I, too, have something to say about BB.

(Photo from Telegraph, 19 Jan 2007)

I can’t believe I am writing a post about Big Brother. >_< Indeed, I’m one of the 1.2 million people who joined the viewing after the recent controversy arose. Season 1 just started when I was doing my MA in Leicester in 99/00, so I saw one or two episodes in the kitchen with flatmates. That was all my experience with this reality TV show. I have never followed any series since I came back to the UK this time. Well, before yesterday. Despite the global popularity of this kind of programme, Korea has never had one on a national channel. I still remember how MBC contemplated launching a Korean equivalent to Celebrity Big Brother a few years ago and how they ended up facing such a furore before even doing anything.
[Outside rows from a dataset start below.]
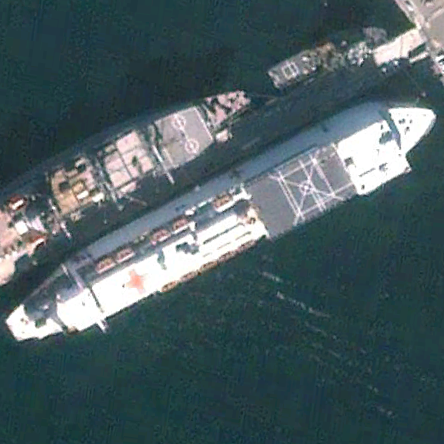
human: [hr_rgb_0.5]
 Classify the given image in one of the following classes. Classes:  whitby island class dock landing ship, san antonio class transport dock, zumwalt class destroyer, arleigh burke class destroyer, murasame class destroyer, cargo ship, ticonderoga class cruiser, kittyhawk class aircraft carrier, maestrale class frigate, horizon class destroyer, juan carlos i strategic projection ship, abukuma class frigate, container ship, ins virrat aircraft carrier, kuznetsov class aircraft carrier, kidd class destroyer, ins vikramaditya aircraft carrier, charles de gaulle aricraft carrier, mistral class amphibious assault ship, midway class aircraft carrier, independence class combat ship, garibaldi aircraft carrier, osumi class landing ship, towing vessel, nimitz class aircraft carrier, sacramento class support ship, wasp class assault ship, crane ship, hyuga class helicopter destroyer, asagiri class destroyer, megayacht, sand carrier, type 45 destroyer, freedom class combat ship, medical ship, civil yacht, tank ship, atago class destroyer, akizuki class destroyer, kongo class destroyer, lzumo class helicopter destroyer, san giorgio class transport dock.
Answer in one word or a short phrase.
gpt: Medical ship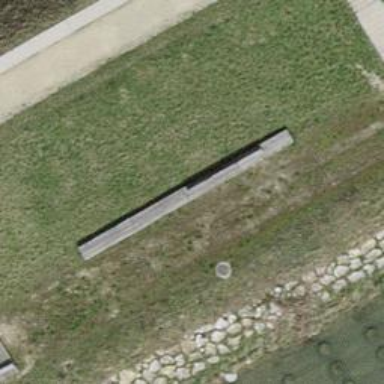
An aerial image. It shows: Bench.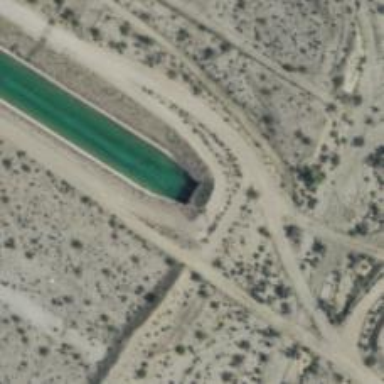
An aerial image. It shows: Culvert tunnel carrying water for canal.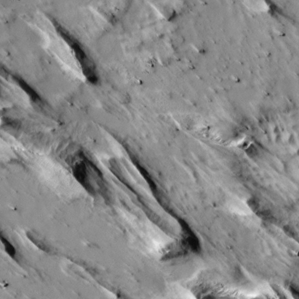
Label: non_frost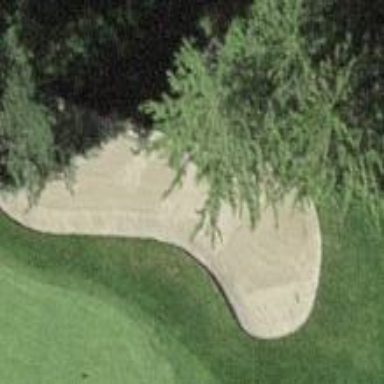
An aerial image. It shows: Golf bunker filled with natural sand.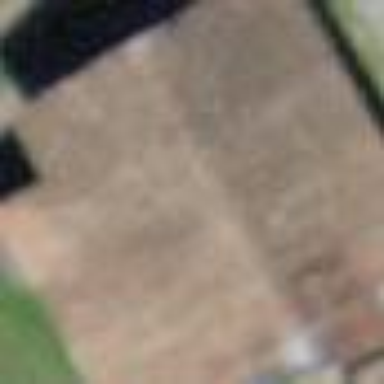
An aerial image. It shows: Barn.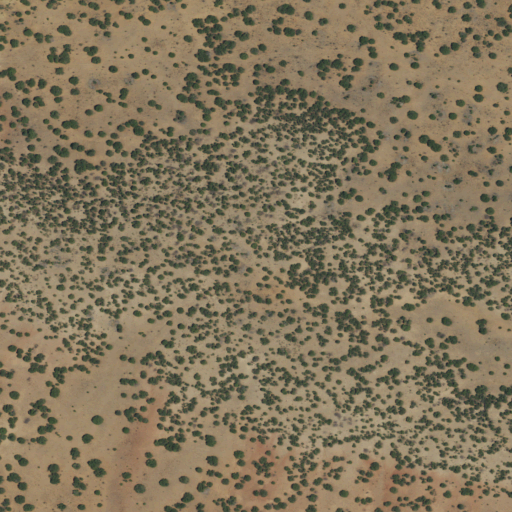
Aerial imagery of mountain in New Mexico named Mesa de la Chamizalosa containing shrub, evergreen forest, and open water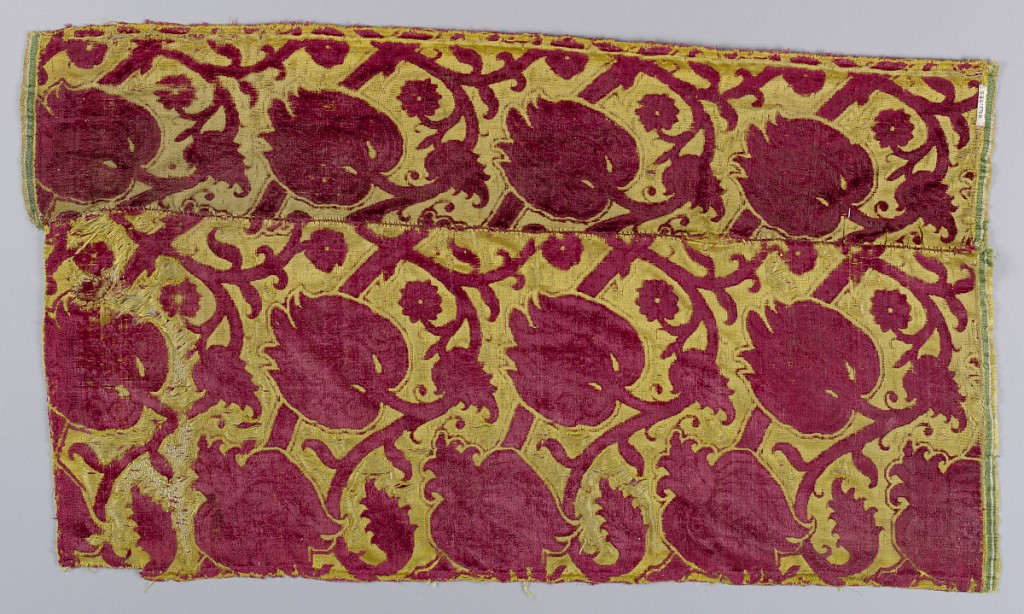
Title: Fragment
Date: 17th century
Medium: silk Technique: supplementary warp in cut and uncut pile on a satin foundation (velvet)
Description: Swinging branches with pomegranates and tulips in red on yellow. Red cut and uncut velvet design of swinging branches with tulips and foliage, on yellow satin ground. Ciselè voided satin velvet.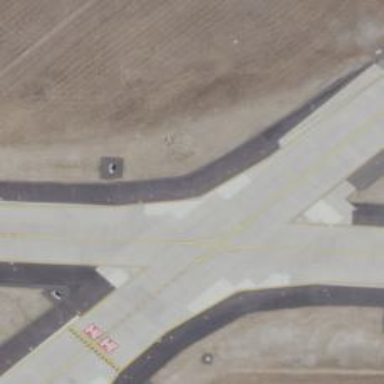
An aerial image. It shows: View of taxiway at the airport.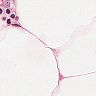
Metastatic tissue present: no

Although they tried to project a better image on it by announcing all the money made out of the show would go to charity organisations and all that, the public couldn’t even bear the thought of having such a horrendously immoral thing. 🙂

News about what has happened of late in the BB house is everywhere, so I don’t think I need to go into details. In a nutshell, those three girls (from left in the photo) didn’t like the Indian actress (far right) and ganged up on her. Immature enough, they refused to call her by name, referred to her as ‘Shilpa Poppadom’ instead, bitched about her accent, her food, and her skin colour. Tens of thousands of viewer complaints were sent to Channel 4, accusing particularly Jade (next to Shilpa) of racial bullying. Tony Blair spoke about it in the House of Commons, protesters in India burned an effigy of a BB producer, both mothers of the two girls in question were interviewed in news programmes, and Gordon Brown had to emphasise Britain is a country of tolerance and fairness while his recent trip to India. Whoa. Jade was finally evicted last night.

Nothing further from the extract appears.